Born in the early days of the German Empire in the Harz Mountains as the son of a coachman and party functionary , Schönleiter joined the union in 1904 and, after completing his apprenticeship as a journeyman, went on a journey .

After he was drafted into the German Army for military service in 1907 , he was deployed to Tsingtau , the capital of the so-called " German Protected Area Kiautschou ", but actually a colony of the German Empire in China .

After his return to Europe, Schönleiter worked as a cooper in Hanover . The marriage there resulted in two children; Hermann and Helmut .

After the beginning of the First World War , Hermann Schönleiter was drafted into the military again and deployed as a marine infantryman in the Imperial Navy .

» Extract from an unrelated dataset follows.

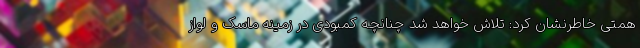
همتی خاطرنشان کرد: تلاش خواهد شد چنانچه کمبودی در زمینه ماسک و لواز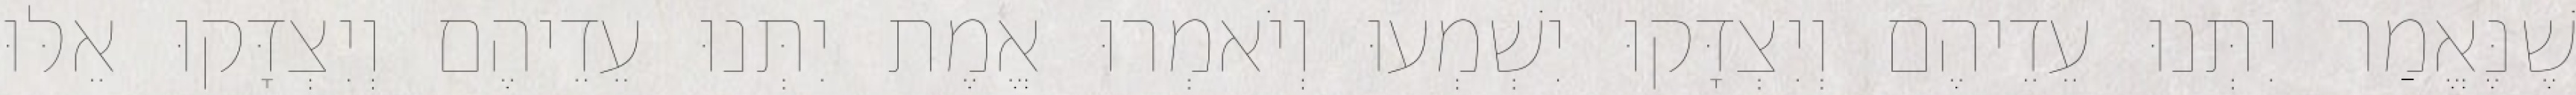
שֶׁנֶּאֱמַר יִתְּנוּ עֵדֵיהֶם וְיִצְדָּקוּ יִשְׁמְעוּ וְיֹאמְרוּ אֱמֶת יִתְּנוּ עֵדֵיהֶם וְיִצְדָּקוּ אֵלּוּ

In December 1918, Schönleiter returned to Hanover and was active there during the Weimar Republic as District Party Secretary of the Social Democratic Party of Germany (SPD). From 1925 to 1933 he was a member of the Hanover provincial parliament . He was elected chairman of the cartel for workers' sport and personal hygiene and, among other things, set up a youth camp on the Weser in 1930 . At the beginning of 1932 he called for the formation of "[...] the nationwide republic protection cartel 'Iron Front' in the Hanover area ."

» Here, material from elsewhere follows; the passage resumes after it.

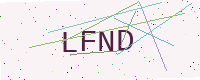
Text: LFND

After the National Socialists seized power , Schönleiter - like all SPD functionaries - became unemployed. The SPD was banned. Harassed by short-term arrests and house searches , he tried at least temporarily as a living representative with Commission sales to earn. With this activity he camouflaged - as a member of the "illegal" resistance organization Socialist Front - the connection he maintained with other members in Hildesheim .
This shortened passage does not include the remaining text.